— Я дал ему понять, что ты не выйдешь за него, даже если весь свет встанет на его сторону. Потому что прежде я его убью, — сказал лорд дочери.
— Я не собираюсь прятаться от всех, чтобы избежать пересудов, даже ради тебя, папа. Да и Хлоя достаточно долго жила в тени. Но что, если он все равно расскажет?
— И признается, что не смог справиться с беззащитной юной леди? Он не такой дурак. — Лорд Фарензе искоса взглянул на Кольма, как будто говорил, что это относится и к нему. — Даже напившись, он будет помнить, что я обещал с ним сделать, если он не будет держать язык за зубами.
Кольму вдруг захотелось найти этого ублюдка и добавить свои пять пенсов. Впрочем, он едва ли мог угрожать ему, оставаясь под маской клерка. Подойдя к столу, он заметил, что мисс Уинтерли вернула подсвечник на прежнее место, и теперь он идеально освещал то, что читал Кольм, пока его не отвлекли. Он попытался быстро засунуть дневник Памелы в кипу старых писем.
— Подождите, — резко бросил лорд Фарензе, уловив его движение, как будто это он, а не Кольм в течение восьми лет оттачивал свою реакцию в полку «Райфлс». — Что это у вас? — спросил он и подошел ближе, чтобы рассмотреть. — Мне уже приходилось видеть похожую тетрадь, и почерк похож на каракули моей бывшей жены. Дайте-ка я взгляну.
— Милорд, мой наниматель заплатил хорошую цену за каждый том в этой комнате, — почти искренне возмутился Кольм.
— Мне тоже больно видеть, что такое прекрасное собрание забыто и заброшено, однако если это действительно записки моей жены, то Дернли не может их продать. Как ее супруг я имею право потребовать их себе.
— Папа… — Мисс Уинтерли тронула его за рукав. — Разве обо всех ее скандалах еще не все известно? Нам правда надо идти.
— Я не позволю, чтобы они заново появились в желтой прессе. И я не уйду из этой комнаты, пока вы, Картер, не объясните мне, что это такое и нет ли в этой коллекции еще чего-то, о чем мне следует знать.
— Я правда ничего не знаю, милорд. Я только сегодня вечером нашел дневники леди Фарензе, спрятанные на полке с проповедями.
— Тебя, конечно, восхищает ее дерзость, верно? — сказал виконт дочери, и, прежде чем он снова устремил на Кольма надменный взгляд, Кольм на мгновение увидел под его суровой маской обычного мужчину. — Сколько вы прочли? — с угрозой спросил он, как будто считал такое вторжение непростительным.
— Только этот, — ответил Кольм, не желая стоять перед ним, как провинившийся школьник, не смеющий сказать ни слова в свою защиту. — И я определенно не собираюсь кому-либо рассказывать ее секреты, — без особого труда пообещал он.

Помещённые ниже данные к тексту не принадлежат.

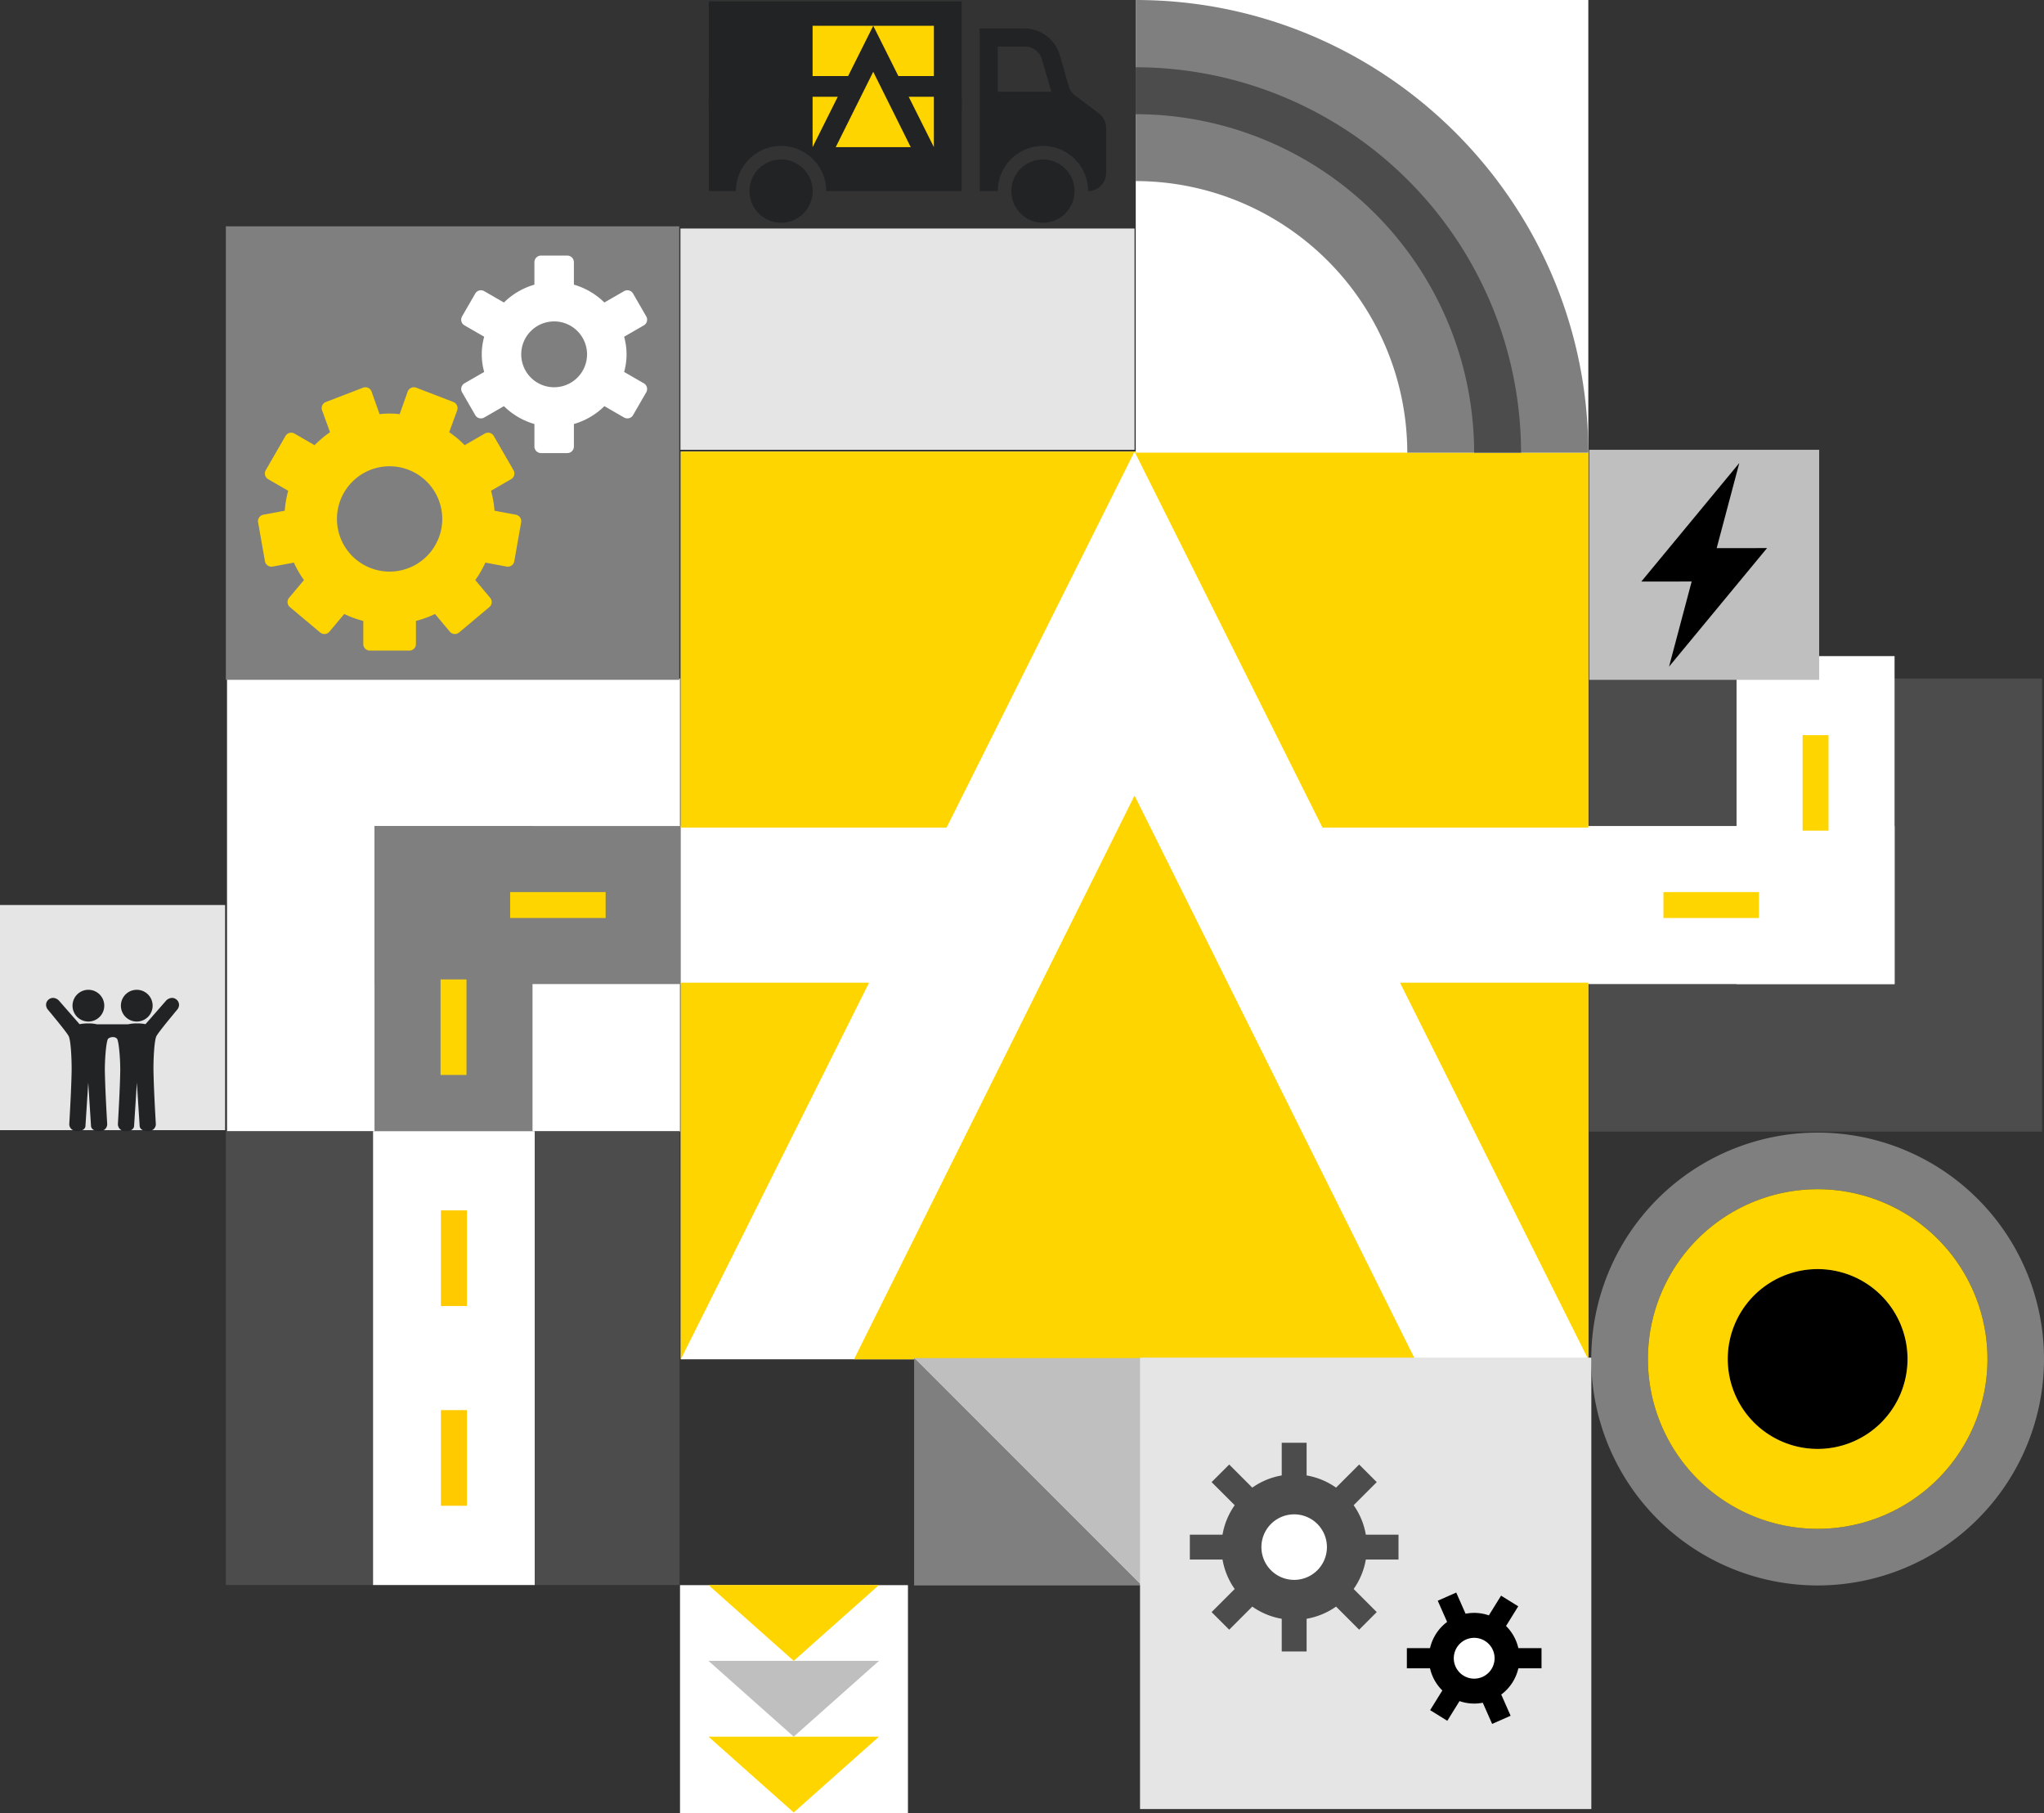 <svg xmlns="http://www.w3.org/2000/svg" width="593.574" height="526.421" viewBox="0 0 593.574 526.421"><rect x="0" y="0" width="593.574" height="526.421" fill="#333333" stroke="none"/><g transform="translate(65.926 196.992)"><rect width="131.549" height="131.549" fill="#fff"></rect><rect width="82.218" height="32.887" transform="translate(49.33 49.331)" fill="#7f7f7f" stroke="#7f7f7f" stroke-width="13"></rect><rect width="32.887" height="82.218" transform="translate(49.33 49.331)" fill="#7f7f7f" stroke="#7f7f7f" stroke-width="13"></rect><rect width="7.529" height="27.728" transform="translate(62.01 87.377)" fill="#ffd500"></rect><rect width="27.728" height="7.529" transform="translate(82.221 62.01)" fill="#ffd500"></rect></g><g transform="translate(461.459 196.992)"><rect width="131.549" height="131.549" fill="#4c4c4c"></rect><rect width="82.218" height="32.887" transform="translate(0.001 49.331)" fill="#fff" stroke="#fff" stroke-width="13"></rect><rect width="32.887" height="82.218" transform="translate(49.332)" fill="#fff" stroke="#fff" stroke-width="13"></rect><rect width="7.529" height="27.728" transform="translate(62.01 16.444)" fill="#ffd500"></rect><rect width="27.728" height="7.529" transform="translate(21.601 62.01)" fill="#ffd500"></rect></g><path d="M0,0H131.77V131.77H0Z" transform="translate(65.588 328.418)" fill="#4c4c4c"></path><path d="M0,0H46.943V131.77H0Z" transform="translate(108.338 328.418)" fill="#fff"></path><rect width="7.542" height="27.774" transform="translate(128.039 351.42)" fill="#ffcb00"></rect><g transform="translate(197.695 131.111)"><g transform="translate(0 0)"><rect width="263.542" height="263.542" fill="#fff"></rect><path d="M666.217,154.735V264.072h.011l54.663-109.337Zm208.868,0,54.663,109.337h.011V154.735ZM716.531,264.072H879.441L797.988,100.394ZM666.217.53V109.688h77.2L797.988.53Zm131.771,0,54.575,109.158h77.2V.53Z" transform="translate(-666.216 -0.527)" fill="#ffd500"></path></g></g><rect width="7.542" height="27.774" transform="translate(128.039 409.406)" fill="#ffcb00"></rect><g transform="translate(462.119 328.838)"><path d="M920.123,291.34a26.1,26.1,0,1,1-26.107-26.107,26.1,26.1,0,0,1,26.107,26.107" transform="translate(-828.301 -225.602)"></path><path d="M911.946,243.53a65.738,65.738,0,1,0,65.738,65.738,65.734,65.734,0,0,0-65.738-65.738m0,115.035a49.3,49.3,0,1,1,49.318-49.3,49.308,49.308,0,0,1-49.318,49.3" transform="translate(-846.228 -243.53)" fill="#7f7f7f"></path><path d="M904.518,252.532a49.3,49.3,0,1,0,49.318,49.3,49.308,49.308,0,0,0-49.318-49.3m0,75.4a26.106,26.106,0,1,1,26.107-26.107,26.1,26.1,0,0,1-26.107,26.107" transform="translate(-838.8 -236.094)" fill="#ffd500"></path></g><g transform="translate(329.814)"><rect width="131.423" height="131.423" transform="translate(0.005 0)" fill="#fff"></rect><path d="M1067.64,293.953h-52.567A78.945,78.945,0,0,0,936.217,215.1V162.53c72.467,0,131.423,58.956,131.423,131.423" transform="translate(-936.215 -162.529)" fill="#7f7f7f"></path><path d="M1048.111,285.123h-13.622a98.382,98.382,0,0,0-98.273-98.271V173.229a112.022,112.022,0,0,1,111.9,111.894" transform="translate(-936.216 -153.699)" fill="#4c4c4c"></path></g><g transform="translate(265.457 394.303)"><path d="M66.01,66.01H0V0Z" fill="#7f7f7f"></path><path d="M0,0H66.01V66.01Z" fill="#bfbfbf"></path></g><g transform="translate(-822.615 -163.113)"><rect width="131.865" height="64.247" transform="translate(1020.217 229.462)" fill="#e5e5e5"></rect><path d="M965.517,34.764a9.178,9.178,0,1,1-9.177-9.177,9.177,9.177,0,0,1,9.177,9.177" transform="translate(93.099 183.834)" fill="#212325"></path><path d="M1007.039,34.764a9.178,9.178,0,1,1-9.177-9.177,9.177,9.177,0,0,1,9.177,9.177" transform="translate(127.623 183.834)" fill="#212325"></path><rect width="73.425" height="31.468" transform="translate(1028.458 163.529)" fill="#212325"></rect><path d="M988.916,10.07h7.866a5.076,5.076,0,0,1,4.981,3.8l2.623,9.047c0,.13.132.13.132.262h-15.6Zm7.866-5.245H983.671v47.2h5.245a13.111,13.111,0,0,1,26.223,0,5.26,5.26,0,0,0,5.243-5.245V33.67a5.278,5.278,0,0,0-2.1-4.2l-6.949-5.245a4.922,4.922,0,0,1-1.837-2.753l-2.621-9.047a10.663,10.663,0,0,0-10.1-7.6" transform="translate(123.456 166.572)" fill="#212325"></path><path d="M1014.142,42.85H974.808a13.111,13.111,0,0,0-26.223,0h-7.868V15.862h73.425Z" transform="translate(87.742 175.748)" fill="#212325"></path><path d="M992.391,39.617h0V25h-7.307Zm-28.5,0h21.776L974.78,17.741ZM957.169,25V39.617L964.476,25Zm10.318-6.022L974.78,4.393H957.169V18.982Zm24.906,0V4.393H974.78l7.295,14.589Z" transform="translate(101.421 166.212)" fill="#ffd500"></path></g><g transform="translate(-774.629 -421.93)"><rect width="131.667" height="131.667" transform="translate(840.217 487.641)" fill="#7f7f7f"></rect><path d="M836.21,387.2l-6.2-1.158a30.319,30.319,0,0,0-1.011-5.8l5.823-3.359a1.906,1.906,0,0,0,.7-2.611l-5.733-9.932a1.906,1.906,0,0,0-2.611-.7l-5.834,3.368a30.232,30.232,0,0,0-4.495-3.771l2.308-6.331a1.912,1.912,0,0,0-1.108-2.438l-10.778-4.151a1.916,1.916,0,0,0-2.489,1.148L802.463,358a25.973,25.973,0,0,0-5.839,0l-2.31-6.532a1.917,1.917,0,0,0-2.491-1.148l-10.777,4.151a1.909,1.909,0,0,0-1.108,2.44l2.306,6.327a30.789,30.789,0,0,0-4.491,3.771l-5.837-3.367a1.911,1.911,0,0,0-2.61.7l-5.735,9.93a1.906,1.906,0,0,0,.7,2.611l5.824,3.361a30.143,30.143,0,0,0-1.011,5.8l-6.2,1.158a1.91,1.91,0,0,0-1.531,2.211l1.99,11.294a1.906,1.906,0,0,0,.792,1.24,1.947,1.947,0,0,0,1.441.307l6.167-1.152a30.242,30.242,0,0,0,2.929,5.073l-4.323,5.151a1.91,1.91,0,0,0,.236,2.69l8.787,7.373a1.907,1.907,0,0,0,2.692-.236l4.3-5.129a30.436,30.436,0,0,0,5.536,2.013v6.7a1.909,1.909,0,0,0,1.911,1.911h11.468a1.909,1.909,0,0,0,1.911-1.911v-6.7a30.454,30.454,0,0,0,5.537-2.013l4.3,5.129a1.916,1.916,0,0,0,2.692.238l8.787-7.372a1.908,1.908,0,0,0,.236-2.692l-4.323-5.153a30.163,30.163,0,0,0,2.931-5.073l6.167,1.152a1.979,1.979,0,0,0,1.441-.307,1.914,1.914,0,0,0,.792-1.24l1.99-11.294a1.911,1.911,0,0,0-1.531-2.211m-21.376,1.22a15.291,15.291,0,1,1-15.29-15.29,15.307,15.307,0,0,1,15.29,15.29" transform="translate(88.228 184.173)" fill="#ffd500"></path><path d="M846.628,366.368l-5.724-3.3a18.856,18.856,0,0,0,0-10.222l5.724-3.3a1.908,1.908,0,0,0,.7-2.611L843.5,340.31a1.909,1.909,0,0,0-2.609-.7l-5.718,3.3a20.816,20.816,0,0,0-8.855-5.186V331.2a1.91,1.91,0,0,0-1.911-1.911h-7.646a1.909,1.909,0,0,0-1.911,1.911v6.529A20.8,20.8,0,0,0,806,342.913l-5.72-3.3a1.909,1.909,0,0,0-2.61.7l-3.822,6.622a1.906,1.906,0,0,0,.7,2.611l5.722,3.3a18.863,18.863,0,0,0,0,10.222l-5.722,3.3a1.906,1.906,0,0,0-.7,2.611l3.822,6.622a1.9,1.9,0,0,0,1.158.891,1.92,1.92,0,0,0,1.452-.19L806,373a20.8,20.8,0,0,0,8.854,5.186v6.529a1.909,1.909,0,0,0,1.911,1.911h7.646a1.91,1.91,0,0,0,1.911-1.911v-6.529A20.815,20.815,0,0,0,835.175,373l5.718,3.3a1.924,1.924,0,0,0,1.452.19,1.9,1.9,0,0,0,1.158-.891l3.822-6.622a1.908,1.908,0,0,0-.7-2.611m-16.486-8.412a9.557,9.557,0,1,1-9.557-9.557,9.567,9.567,0,0,1,9.557,9.557" transform="translate(114.969 166.85)" fill="#fff"></path></g><g transform="translate(-750.443 -386.484)"><rect width="65.367" height="65.367" transform="translate(750.443 649.244)" fill="#e5e5e5"></rect><path d="M694.241,522.576a4.609,4.609,0,1,0-4.6-4.609,4.607,4.607,0,0,0,4.6,4.609" transform="translate(81.862 160.502)" fill="#212325"></path><path d="M709.713,522.576a4.609,4.609,0,1,0-4.6-4.609,4.607,4.607,0,0,0,4.6,4.609" transform="translate(80.437 160.502)" fill="#212325"></path><path d="M719.783,517.8a1.971,1.971,0,0,0-.783-1.413,2.029,2.029,0,0,0-1.246-.446,2.473,2.473,0,0,0-1.778.869l-5.922,6.764a11.553,11.553,0,0,0-2.515-.221,10.312,10.312,0,0,0-2.515.257h-9.083a10.312,10.312,0,0,0-2.515-.257,11.836,11.836,0,0,0-2.515.23l-5.922-6.768a2.475,2.475,0,0,0-1.778-.871,2.023,2.023,0,0,0-1.246.445,1.967,1.967,0,0,0-.783,1.412,2.231,2.231,0,0,0,.635,1.68c.325.416,5.124,6.115,5.9,7.51.705,1.27.933,7.365.881,10.292-.061,3.4-.28,8.379-.651,14.791-.018.314-.029.5-.03.523a1.961,1.961,0,0,0,.551,1.366,2.3,2.3,0,0,0,1.727.649c2.125,0,2.39-1.09,2.419-1.424.014-.148.812-12.67.812-12.67s.8,12.522.812,12.669c.022.243.242,1.453,2.42,1.453a2.292,2.292,0,0,0,1.72-.649,2.008,2.008,0,0,0,.556-1.381c0-.025-.011-.209-.029-.522-.371-6.418-.591-11.4-.652-14.8-.05-2.773.293-8.256.9-9.45a2.1,2.1,0,0,1,1.425-.512,1.532,1.532,0,0,1,1.241.512c.6,1.194.945,6.676.9,9.45-.061,3.4-.281,8.381-.652,14.8-.018.313-.028.5-.029.522a2.008,2.008,0,0,0,.557,1.381,2.293,2.293,0,0,0,1.721.649c2.178,0,2.4-1.21,2.419-1.453.014-.147.812-12.669.812-12.669s.8,12.522.812,12.67c.03.333.294,1.424,2.419,1.424a2.3,2.3,0,0,0,1.727-.649,1.961,1.961,0,0,0,.551-1.366c0-.025-.012-.209-.03-.523-.37-6.412-.59-11.389-.651-14.791-.053-2.928.175-9.022.881-10.292.775-1.395,5.574-7.1,5.9-7.51a2.234,2.234,0,0,0,.636-1.681" transform="translate(82.642 160.264)" fill="#212325"></path></g><g transform="translate(461.5 130.596)"><rect width="66.784" height="66.784" transform="translate(-0.001 0)" fill="#bfbfbf"></rect><path d="M1412.047,110.362l-14.626.016,6.571-24.719-28.458,34.421,14.625-.015-6.571,24.718Z" transform="translate(-1360.4 -81.828)"></path></g><g transform="translate(-689.156 -255.357)"><rect width="131.059" height="131.059" transform="translate(1020.217 649.529)" fill="#e5e5e5"></rect><path d="M1004.76,534.018v-7.228H995.27a21.015,21.015,0,0,0-3.535-8.548l6.708-6.706-5.111-5.111-6.708,6.708a21.009,21.009,0,0,0-8.548-3.537v-9.489h-7.226v9.489a21,21,0,0,0-8.548,3.537l-6.708-6.708-5.111,5.111,6.708,6.706a21.015,21.015,0,0,0-3.535,8.548h-9.491v7.228h9.491a21.017,21.017,0,0,0,3.535,8.548l-6.708,6.708,5.111,5.109,6.708-6.706a20.993,20.993,0,0,0,8.548,3.535V560.7h7.226v-9.491a21,21,0,0,0,8.548-3.535l6.708,6.706,5.111-5.109-6.708-6.708a21.017,21.017,0,0,0,3.535-8.548Z" transform="translate(90.519 174.136)" fill="#4c4c4c"></path><path d="M974.608,521.038a9.513,9.513,0,1,1-9.513-9.513,9.513,9.513,0,0,1,9.513,9.513" transform="translate(99.885 183.503)" fill="#fff"></path><path d="M1011.163,546h6.726v-5.867h-6.726a13.141,13.141,0,0,0-3.573-6.427l3.54-5.714-4.986-3.091-3.546,5.721a12.958,12.958,0,0,0-6.759-.475L993.126,524l-5.368,2.37,2.72,6.158a13.146,13.146,0,0,0-4.964,7.609h-6.726V546h6.724a13.132,13.132,0,0,0,3.575,6.427l-3.541,5.714,4.986,3.091,3.544-5.719a12.958,12.958,0,0,0,6.759.475l2.716,6.149,5.364-2.368-2.718-6.158a13.162,13.162,0,0,0,4.965-7.61" transform="translate(118.919 193.736)"></path><path d="M998.122,537.146a5.924,5.924,0,1,1-5.923-5.923,5.924,5.924,0,0,1,5.923,5.923" transform="translate(125.06 199.66)" fill="#fff"></path></g><g transform="translate(197.475 460.188)"><rect width="66.194" height="66.194" transform="translate(0 0.039)" fill="#fff"></rect><path d="M765.217,487.047h49.529L789.982,509.06Z" transform="translate(-756.962 -487.047)" fill="#ffd500"></path><path d="M765.217,511.047h49.529L789.982,533.06Z" transform="translate(-756.962 -489.034)" fill="#bfbfbf"></path><path d="M765.217,535.047h49.529L789.982,557.06Z" transform="translate(-756.962 -491.021)" fill="#ffd500"></path></g></svg>

У Кольма имелось больше причин не желать, чтобы о них узнали, чем у семьи Фарензе. К тому же записки Памелы не дали ему ничего, что помогло бы лучше понять отца. Непохоже, чтобы эта поглощенная собой женщина стала тратить бумагу, описывая своего любовника. Лучшее, что он мог сделать, — это навсегда оставить ее и ее семью в прошлом в тот же день, когда покинет этот дом. Отдать им этот дневник было бы даже лучше. Его вдруг кольнула смутная мысль, что труднее будет забыть дочь Памелы, но он поспешил отмахнуться от нее.
— Вы отдадите нам, если найдете что-нибудь еще, пока работаете здесь? — спросила мисс Уинтерли, как будто уловила сомнения своего отца.
— Да, если это имеет отношение к вам, — устало вздохнув, ответил Кольм.
— Хорошо, теперь мы можем оставить его в покое, Ив, — поспешил сказать его светлость, увидев, что дочь собирается спорить. — Он сможет высказать мне свои возражения завтра. Но ты права, нам пора вернуться в бальный зал.
— Не думаю, что мы можем взять дневники моей покойной матери с собой. Не могли бы вы принести их нам в Фарензе-Хаус, мистер Картер? Я была бы вам очень благодарна.
Он смиренно склонил голову.
— Спасибо, — сказала мисс Уинтерли. Все снова встало на свои места: он — скромный клерк, она — леди.
— Милорд, мисс, до свидания. — Он отвесил поклон, который сделал бы честь любому дворецкому.